Segment Start: Data to examine

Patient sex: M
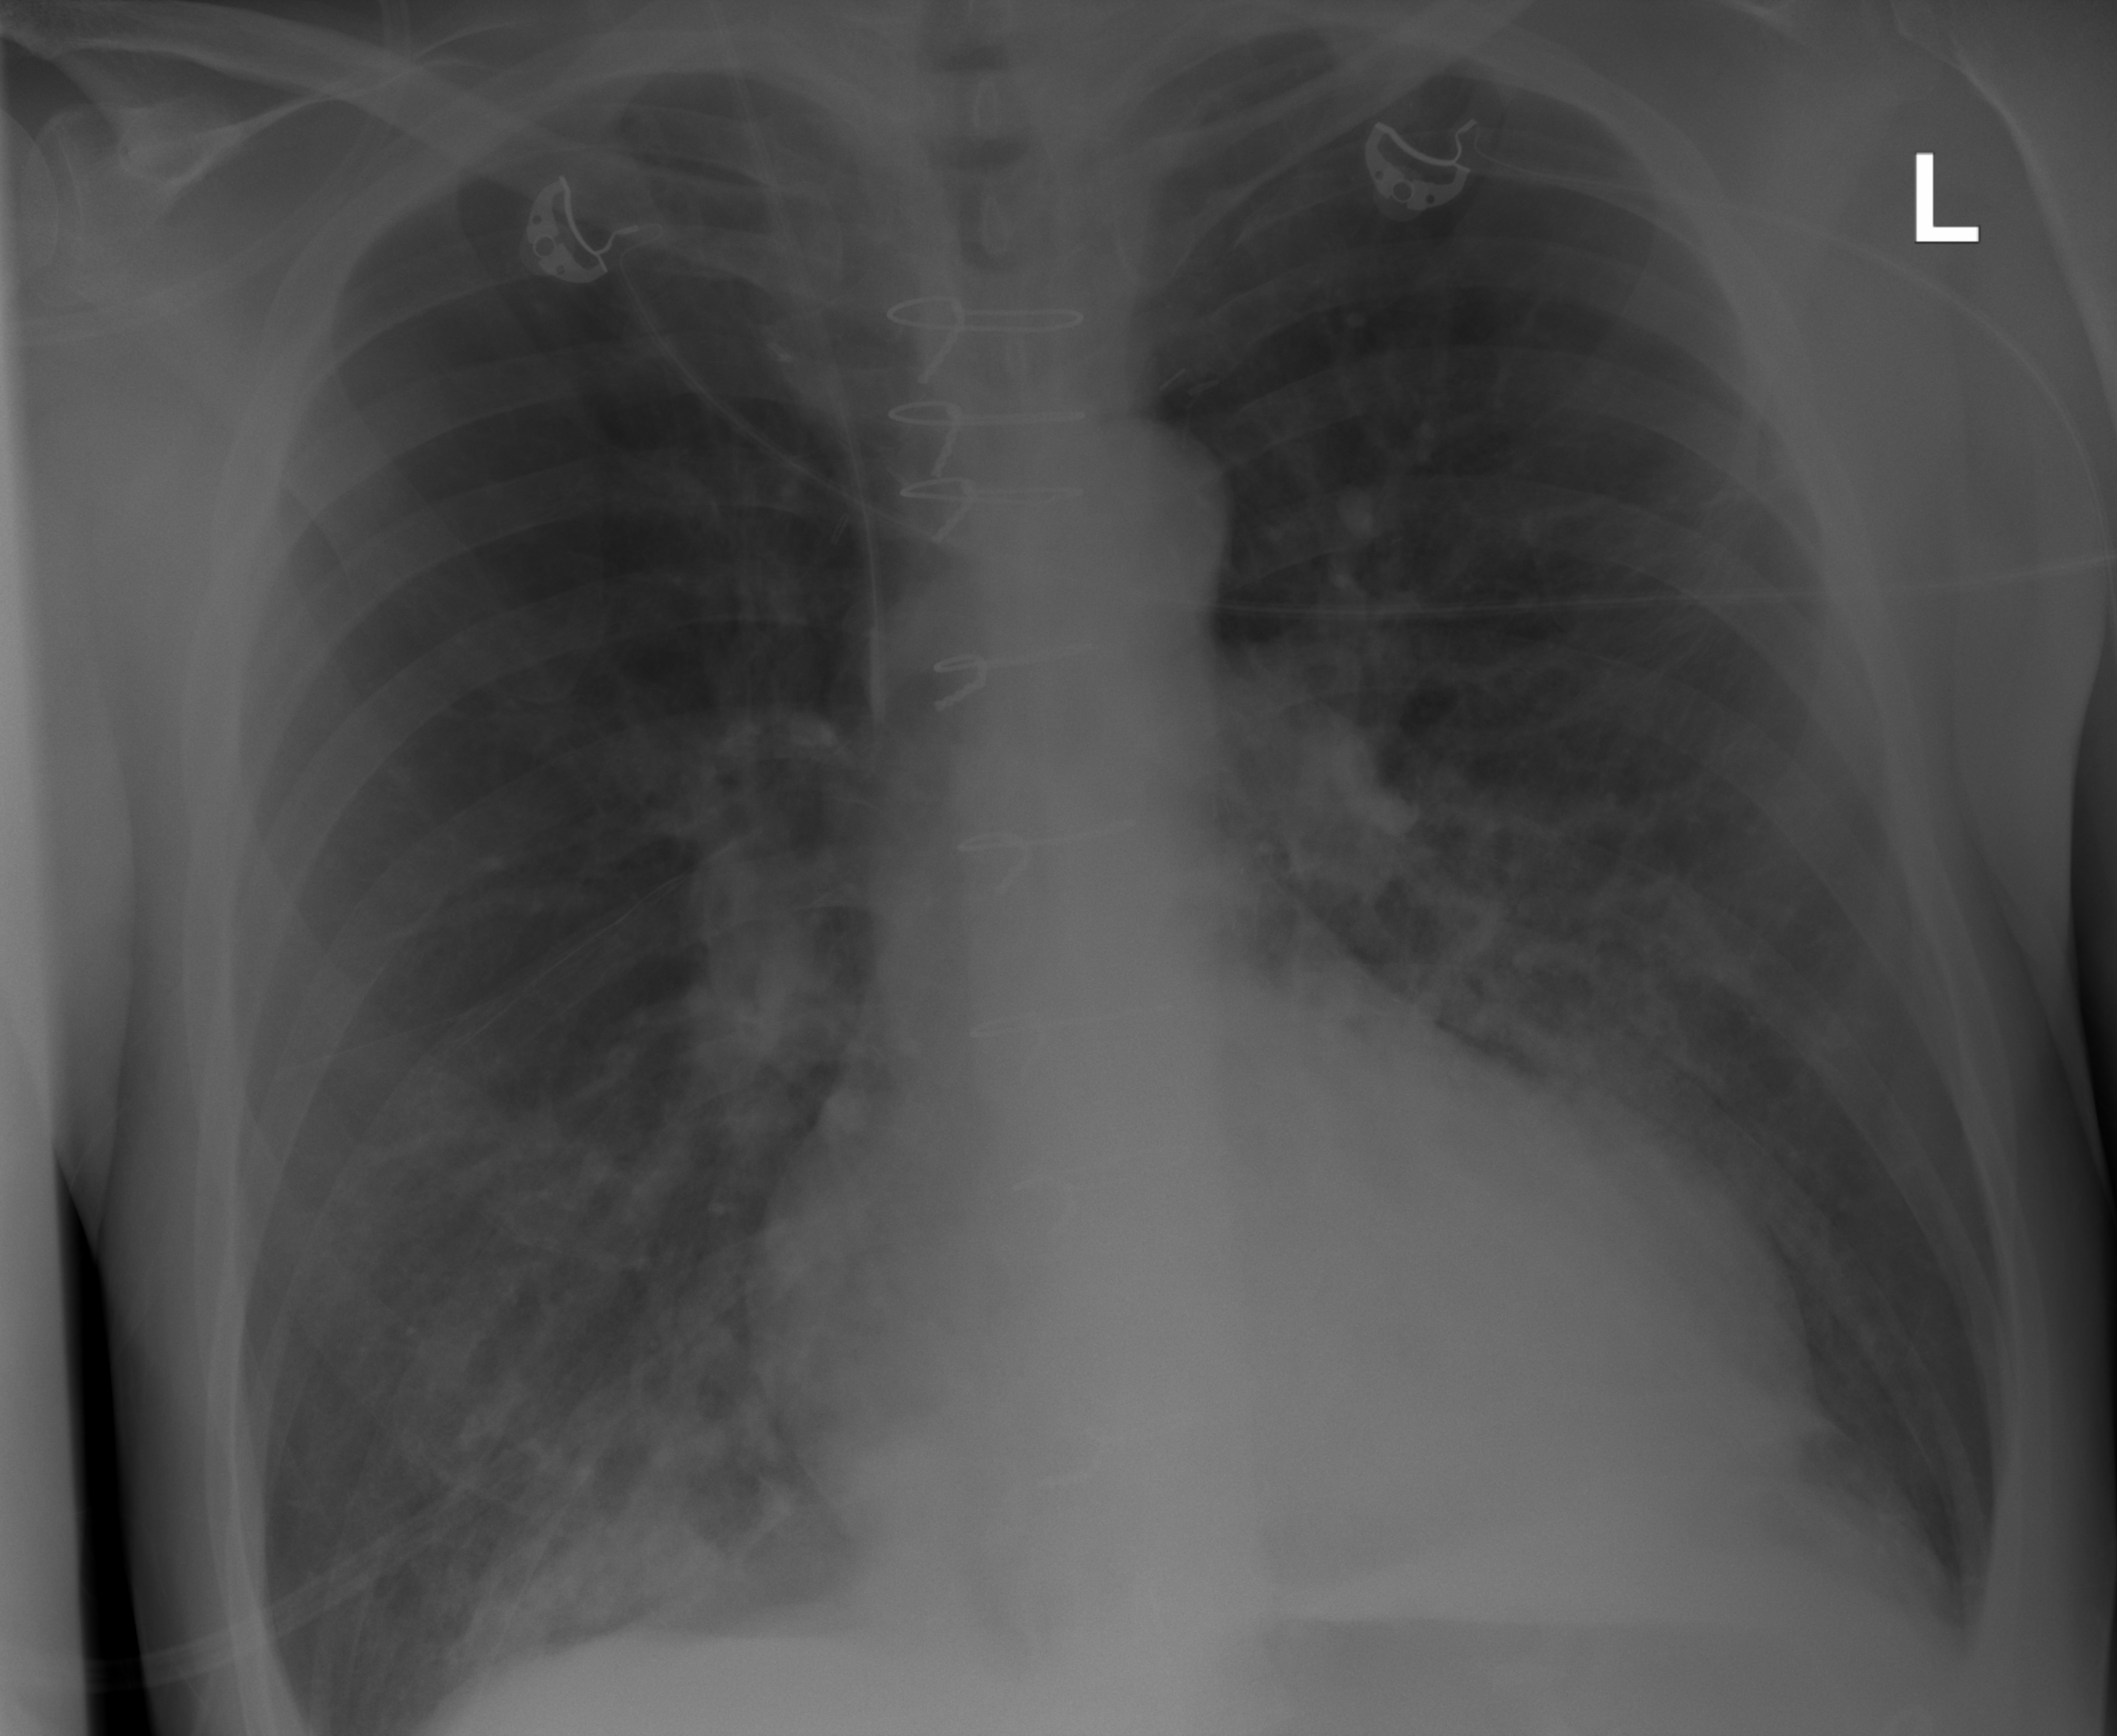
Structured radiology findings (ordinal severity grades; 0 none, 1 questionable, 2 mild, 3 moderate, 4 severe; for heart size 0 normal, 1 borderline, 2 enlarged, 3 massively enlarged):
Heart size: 2
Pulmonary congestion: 0
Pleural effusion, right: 0
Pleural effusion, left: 0
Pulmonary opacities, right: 3
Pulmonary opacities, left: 3
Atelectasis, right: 0
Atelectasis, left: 0

Segment End: Data to examine

**Problem description**
The lines of the records that contain the string "Pulmonary" should be located and copied.

**Written response**
Pulmonary congestion: 0
Pulmonary opacities, right: 3
Pulmonary opacities, left: 3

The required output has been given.